We continue to cover business development companies, known as BDCs, in our recent articles in 2022. In the low yield environment, BDCs have emerged in 2021 as an increasingly popular choice for investors. income seeking attractive returns. BDCs offer retail investors exposure to private companies, which are often also funded by venture capitalists. BDCs were trapped in the COVID Crash of 2020, due to uncertainty about how their holding companies would handle the changed environment of lockdowns and sheltering in place.
It turns out that the majority of them did well, with their holdings weathering the storm, which became increasingly evident as the earnings reports came in.
Prospect Capital (PSEC) is one of the largest BDCs in the market, among the top 5 market capitalizations in the sector. Unrecognized PSEC expense has steadily improved over the past 6 quarters, from 0.9% of assets in Q2 ’20 to 0.4% in Q4 ’21.
Founded in 2004, New York-based Prospect Capital (PSEC) provides private debt and private equity to middle-market companies in the United States, with a focus on sponsor-backed transactions and loans direct to established owner-operated businesses.
PSEC invests primarily in senior 1st and 2nd lien loans and mezzanine debt, which in some cases include an equity component. It provides capital to middle market companies and private equity financial sponsors for refinancings, leveraged buyouts, acquisitions, recapitalizations, later-stage growth investments and capital expenditures.
It seeks to invest between $10M and $500M per transaction in companies with EBITDA between $5M and $150M, sales value between $25M and $500M and enterprise value between $5 million and $1,000 million. It also finances co-investments for larger transactions. It is one of the largest BDCs, with $6.5 billion in assets under management. Insiders hold a large share of PSEC, at 27.9%. (PSEC website)
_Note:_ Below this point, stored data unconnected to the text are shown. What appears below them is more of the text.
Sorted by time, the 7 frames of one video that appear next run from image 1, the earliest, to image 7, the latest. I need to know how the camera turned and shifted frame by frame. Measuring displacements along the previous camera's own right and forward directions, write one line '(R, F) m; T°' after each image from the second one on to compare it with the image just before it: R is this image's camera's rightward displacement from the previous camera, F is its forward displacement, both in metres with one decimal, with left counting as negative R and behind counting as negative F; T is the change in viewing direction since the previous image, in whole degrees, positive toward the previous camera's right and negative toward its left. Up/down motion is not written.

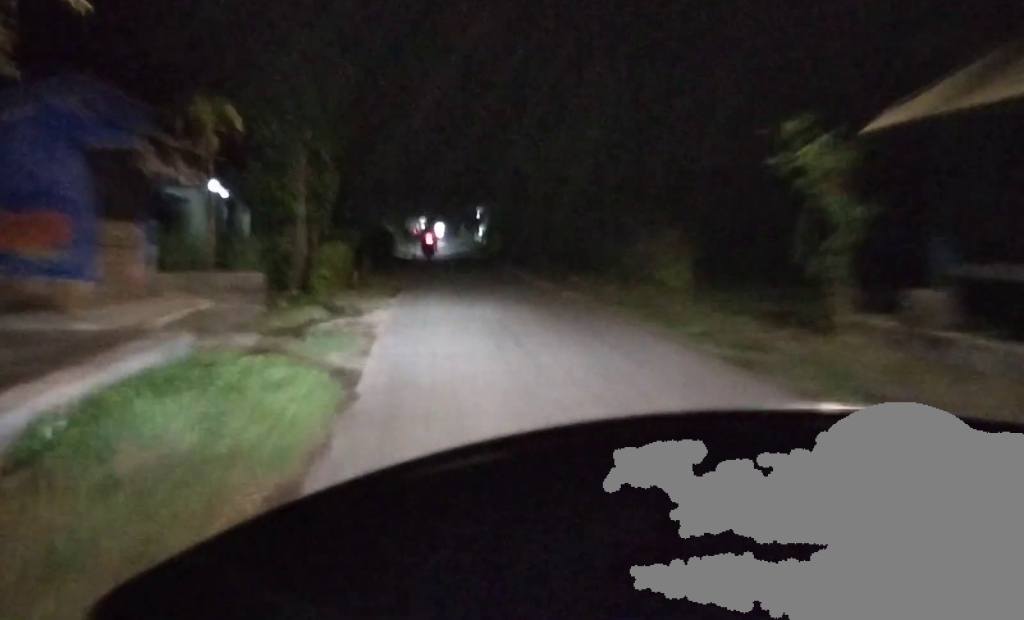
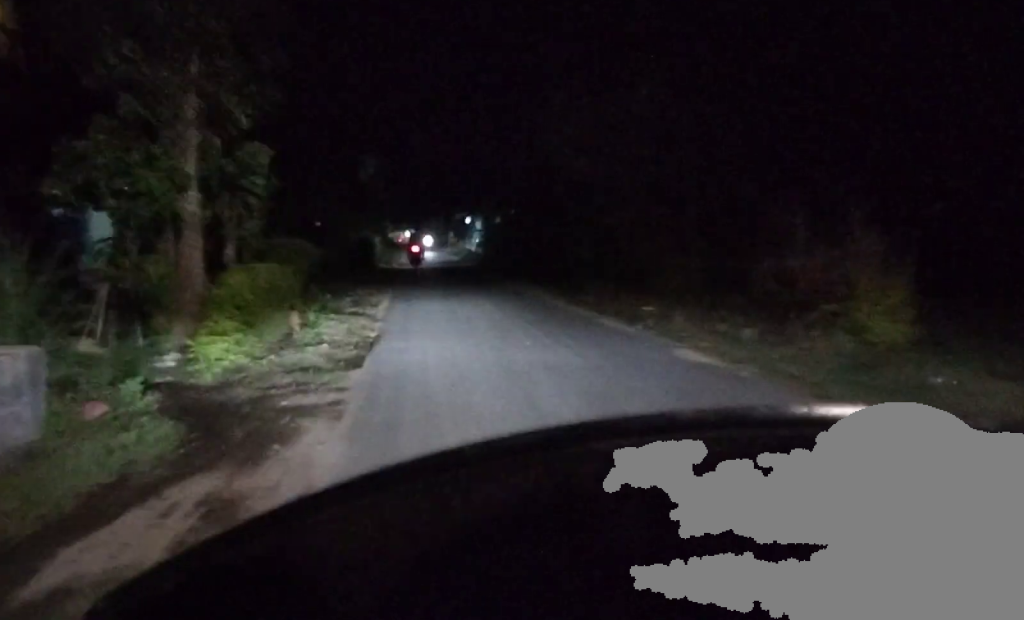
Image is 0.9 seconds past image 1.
(+0.1, +7.7) m; +1°
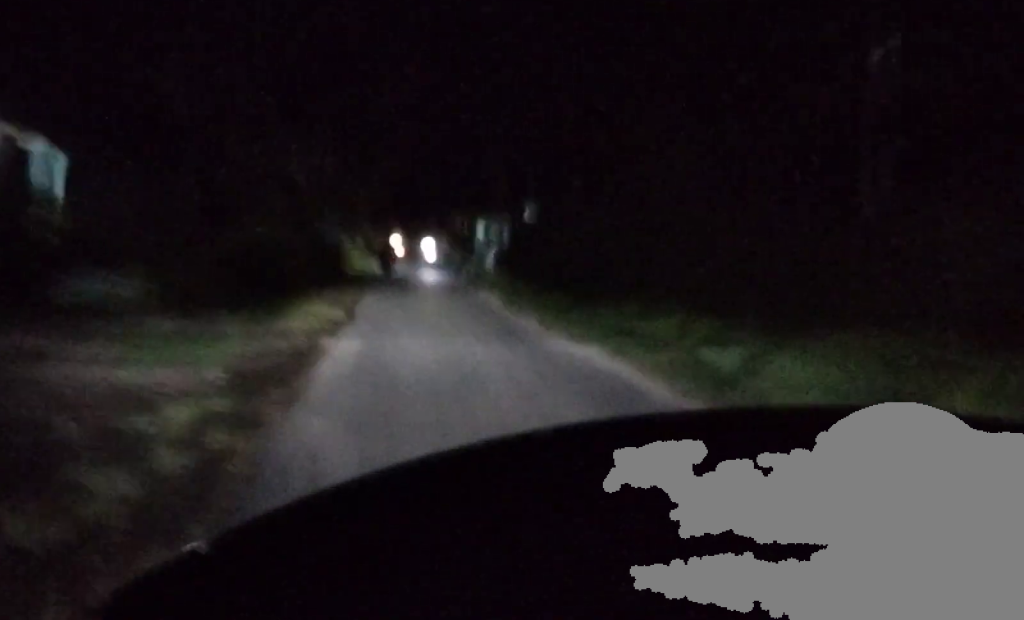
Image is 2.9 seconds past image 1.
(0.0, +15.2) m; 0°
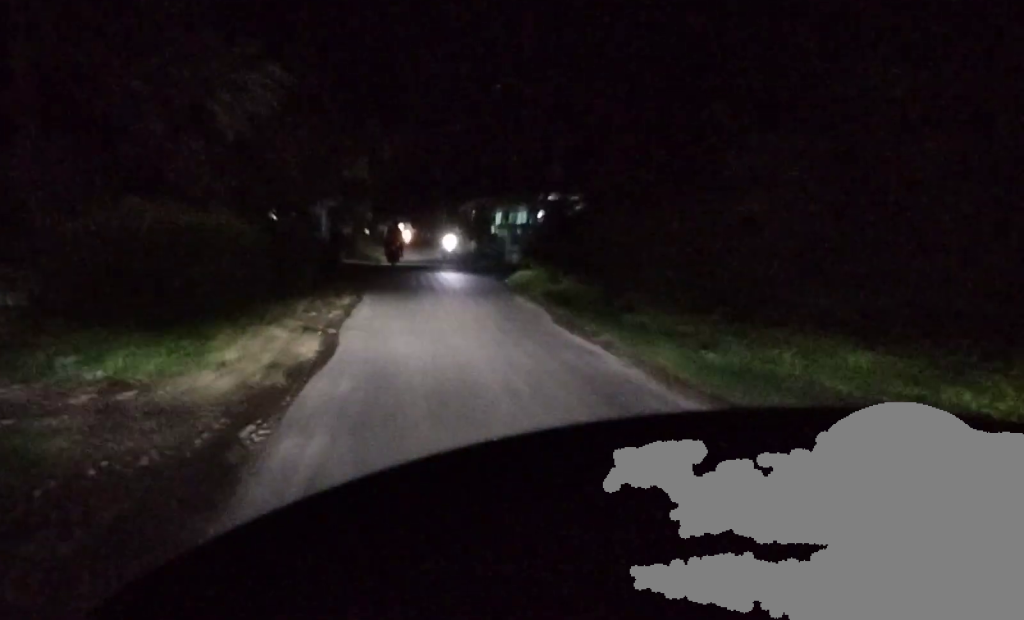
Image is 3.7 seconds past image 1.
(0.0, +5.5) m; 0°
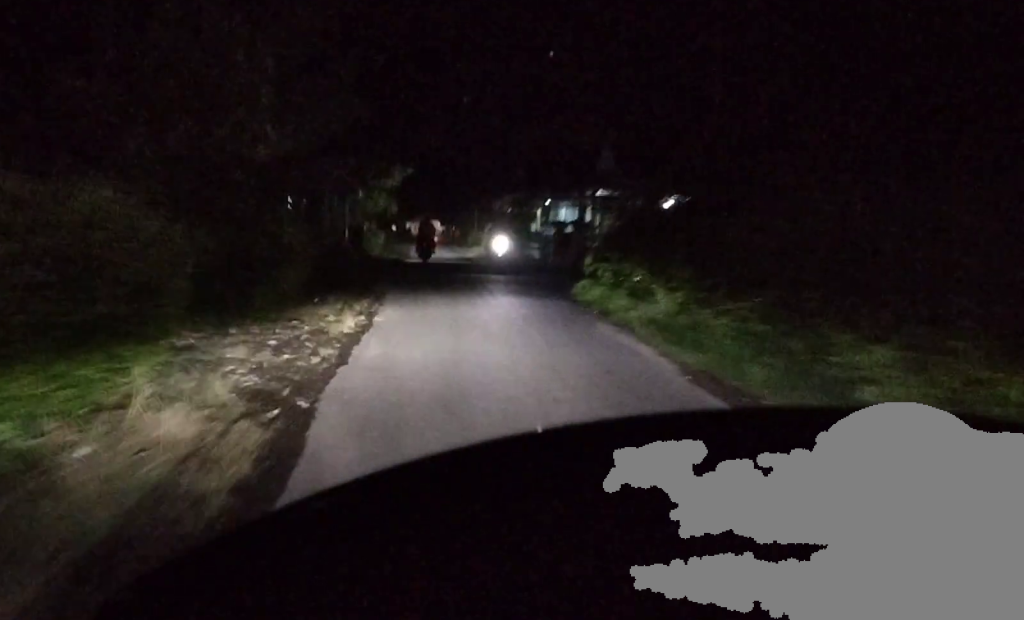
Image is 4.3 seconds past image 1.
(0.0, +4.9) m; 0°
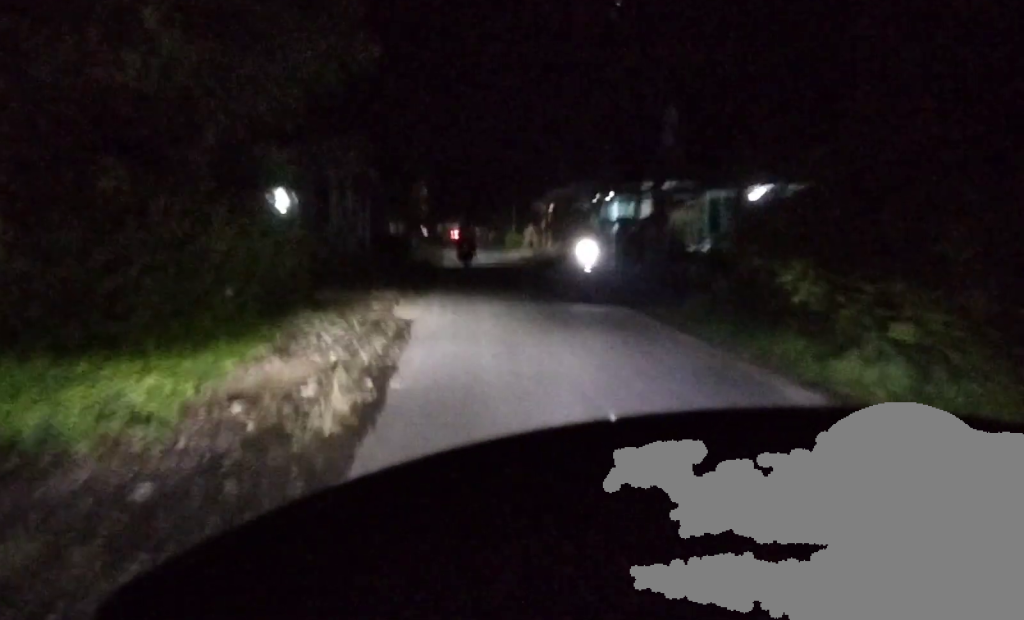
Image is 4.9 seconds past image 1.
(0.0, +5.6) m; 0°
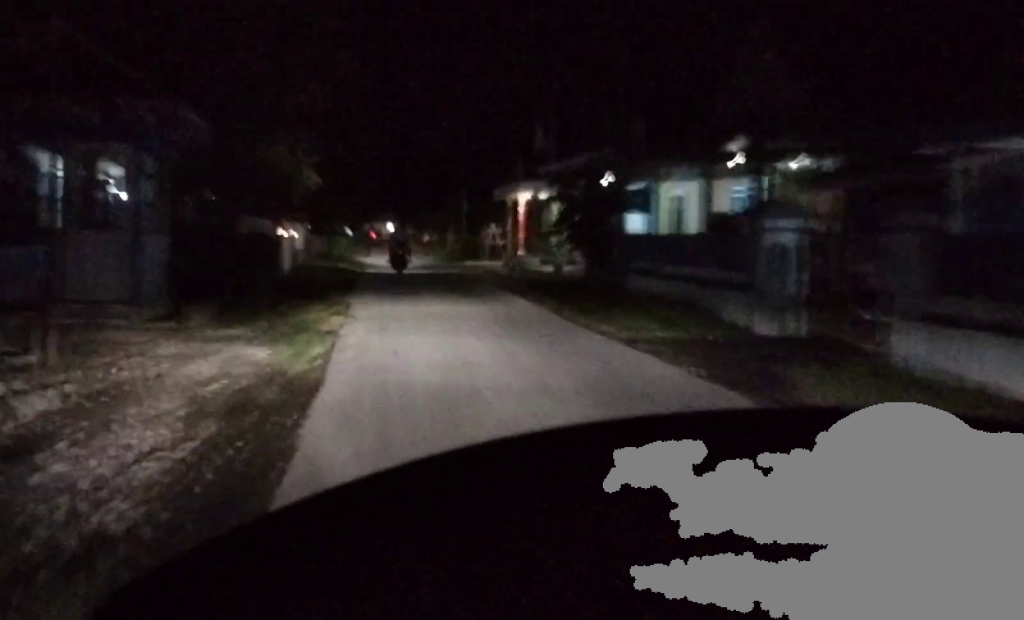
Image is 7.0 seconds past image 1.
(+0.1, +19.3) m; -1°
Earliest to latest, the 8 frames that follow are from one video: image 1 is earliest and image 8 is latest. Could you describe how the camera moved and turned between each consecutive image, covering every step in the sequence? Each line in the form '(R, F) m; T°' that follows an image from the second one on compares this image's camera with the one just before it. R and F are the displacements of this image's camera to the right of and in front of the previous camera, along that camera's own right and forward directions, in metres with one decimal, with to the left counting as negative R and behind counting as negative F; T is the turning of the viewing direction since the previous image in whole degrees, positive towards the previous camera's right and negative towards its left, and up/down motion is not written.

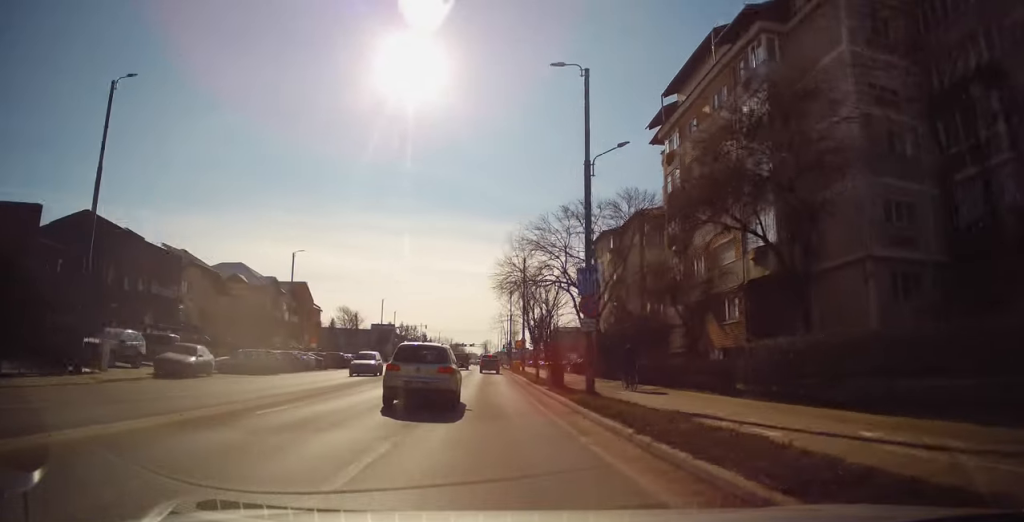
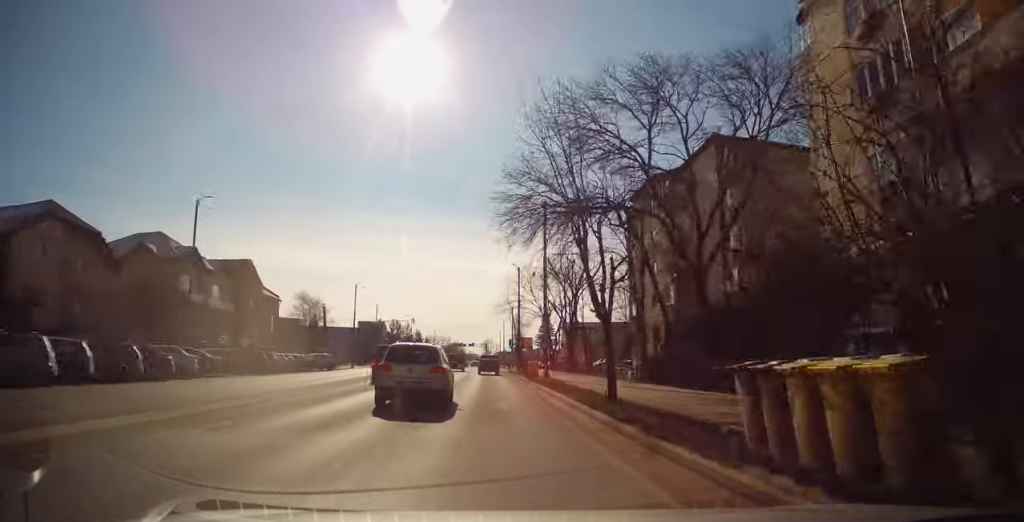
(0.0, +19.0) m; 0°
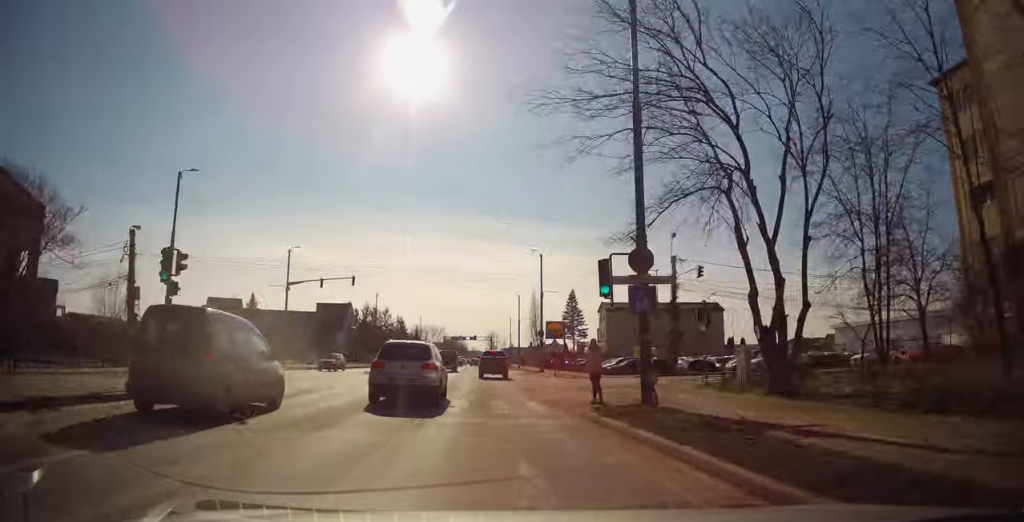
(0.0, +44.0) m; 0°
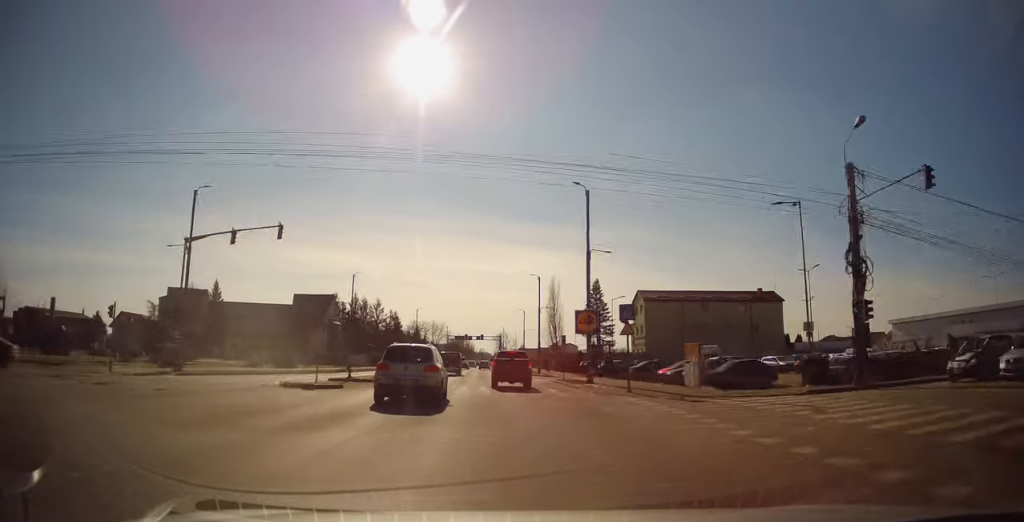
(0.0, +19.6) m; -1°
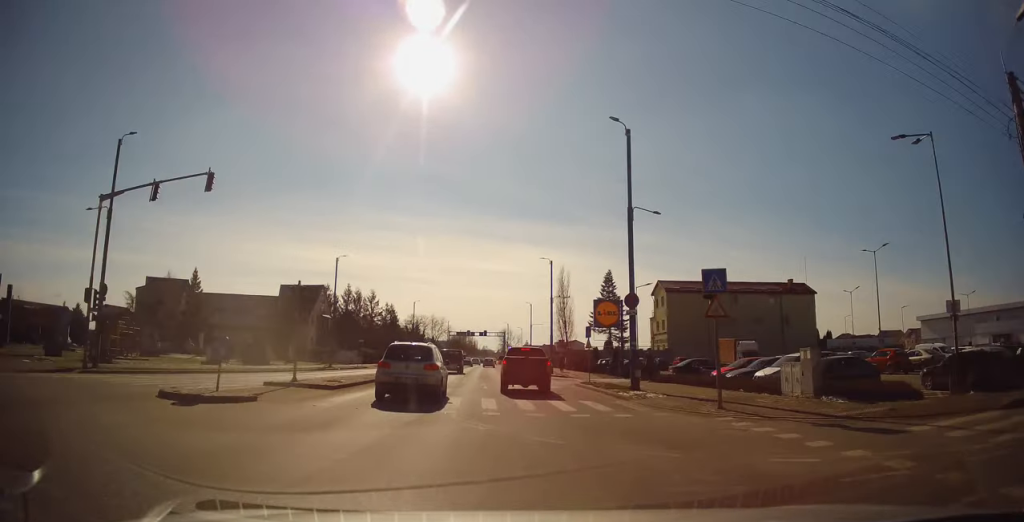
(-0.1, +8.5) m; -1°
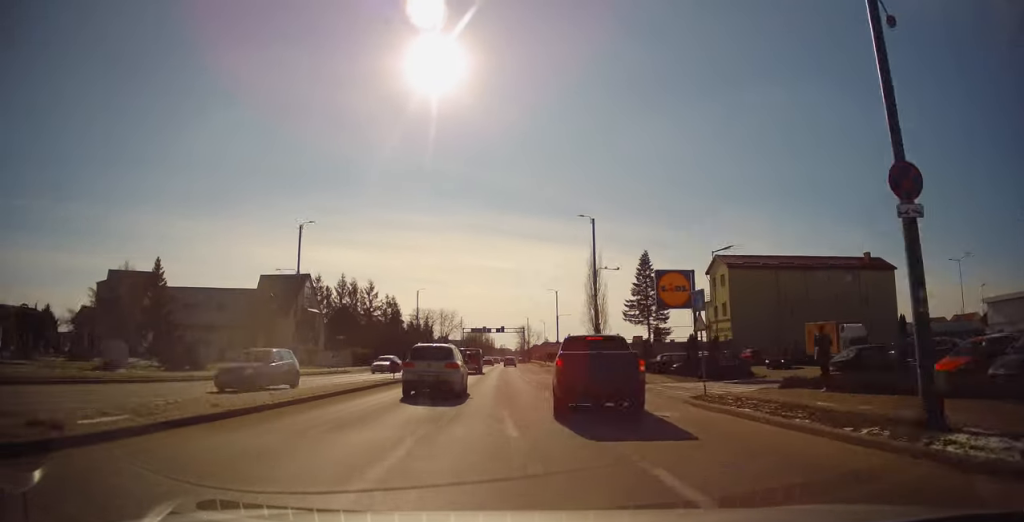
(-0.3, +15.5) m; -2°
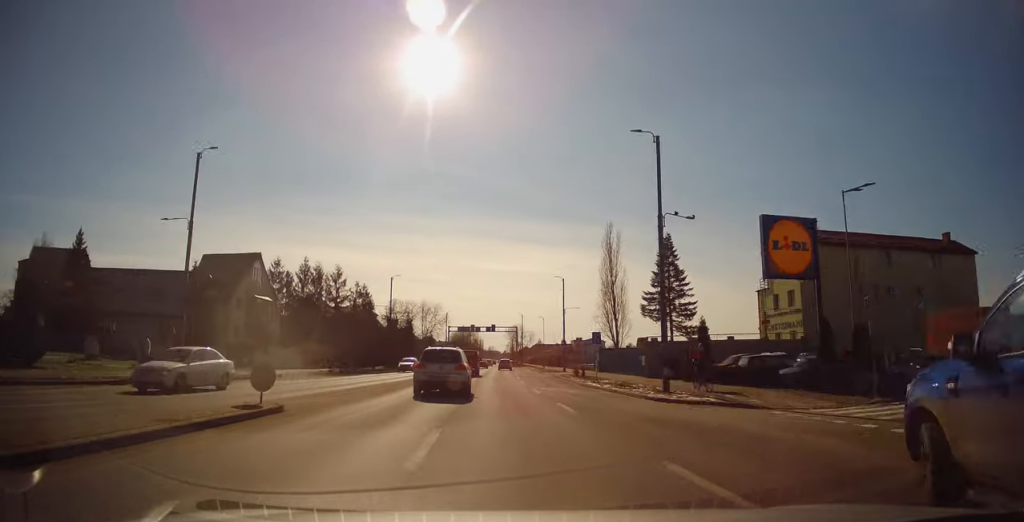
(-0.2, +15.8) m; +1°
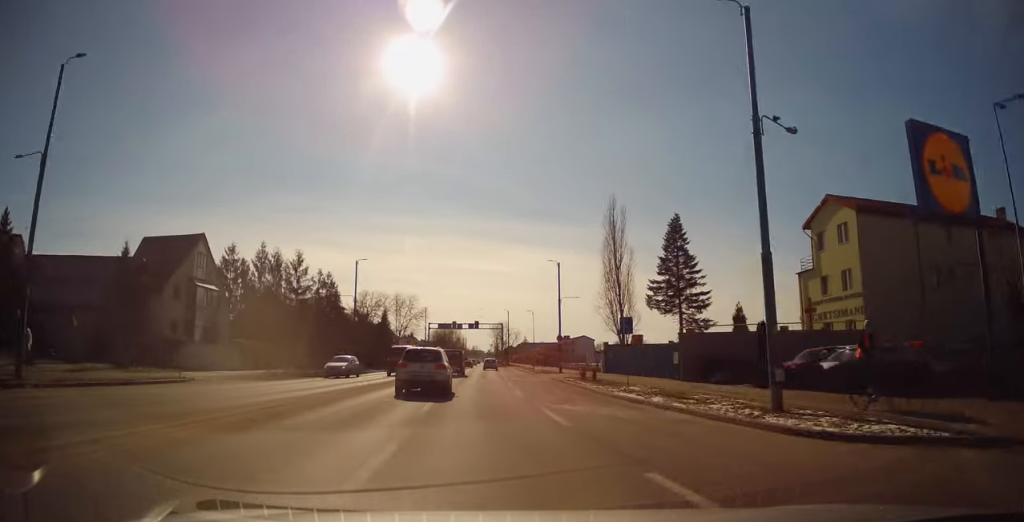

1st Liens represented 46.7% of PSEC’s portfolio, as of 12/31/21, compared to 49.4% in Q3 21. Other senior secured debt increased to 19.5%, compared to 16.5% in Q3 21. Equity investments represented 23.1%, while subordinated bonds represented 10.6%, as of 12/31/21. 76.8% of PSEC’s investments have underlying guarantees.
The overall portfolio return was 8.1% as of 12/31/21, compared to 9% in Q3 21, while the return on interest-earning assets was 10.6%, compared to 11.6% in Q3 21 :
Management stuck with the $0.06 payout, announcing the ex-dividend and payout dates for PSEC’s Q1 22 monthly distributions this week. They usually go ex-dividend in the last week of the month and pay out in the latter part of the following month.
At its 2/11/22 closing price of $8.33, PSEC yields 8.64%. PSEC has a dividend growth rate of -6.5% over 5 years, due to dividend cuts in 2015 and 2017.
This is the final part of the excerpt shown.